The Brand Name Game (and the Science of Brand Colours)
Think you can recognize a brand using only its corporate colours? With a strong brand it is entirely possible. Each colour square below represents a company. Can you guess which company is represented by which colour square? The solutions can be found at the end of this article.
Seeing is believing
Every day we are exposed to a barrage of visual stimuli. We are guided by traffic signs. Our buying decisions are influenced by supermarket ads. We absorb so many messages across so many types of media – consciously and subconsciously. Ultimately, whether these messages reach us and stick will depend on many factors. Colours play a central role here.
Colours influence us and they certainly have a greater impact and send stronger signals than typography alone. In contrast to the font, colours are also “understood” by most people. There have been countless articles about the theory of colour and the effects of colours. Despite some differences in how people from different cultures perceive colours, at least in the so-called West, red stands for vitality and energy, but also for fire and aggression. White symbolizes purity and innocence. Blue inspires confidence. All of these operate on a subconscious level.
Brand colours: Strong colours, strong brand?
A particularly eye-catching colour, red, is used by many companies (including yours truly). This in turn means that the colour red can’t by itself deliver a fully formed brand statement. Famous brands like Vodafone, E.ON, Ferrari and Coca Cola, could not solely rely on a corporate colour.
But in combination with other elements, each respective brand logo creates a recognizable appearance that has sufficient autonomy. If you look at the the powerful branding of Coca-Cola, it demonstrates, among other things, that a single colour combined with a familiar white band – the so called “Dynamic Ribbon Device” – is sufficient to clearly identify the brand. Two colours. For Coke, that’s all it takes. The company doesn’t always need to reproduce the actual brand logo itself – a sign that the identity is particularly strong before branding.
Find your niche
Colours play the central role in relation to the branding of a brand or a company. If you can occupy a colour or colour spectrum that clearly connects the observer to the sender, then your brand is off to a very good start. I recently discovered that clients tend to “try things out.” So the colour will quickly be “somewhat refreshed” in the logo. Throwing the old colours out with a corporate re-brand can often cause more harm than good. It puts subconscious recognizability on the line. Design must be adaptable, but the challenge is to not get lost in the randomness. Re-branding is possible without the loss of identity.
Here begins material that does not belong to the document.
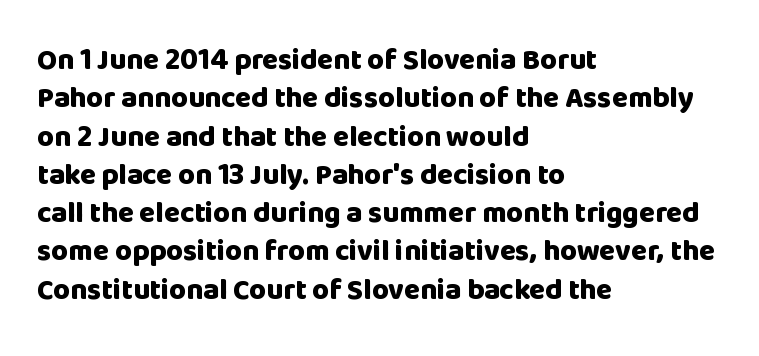
{"serif": "no", "italic": "no", "bold": "yes", "weight": "heavy", "width": "normal", "stroke_contrast": "low", "x_height": "large", "monospaced": "no", "underline": "no", "align": "left", "line_spacing": "normal", "line_spacing_ratio": 1.32, "letter_spacing": "normal", "letter_spacing_em": 0.0, "glyph_px": 29}

Who knows why the Facebook logo is blue? The answer: Mark Zuckerberg has red-green colour blindness and the colour blue is for him simply the most clear and true. The colour blue symbolises trust and reliability, which, in this example, represents a beautiful form of “blue-washing.” Would Facebook have more than 1 billion users today if the logo and website page were bright red, neon green or pig pink? We will never know.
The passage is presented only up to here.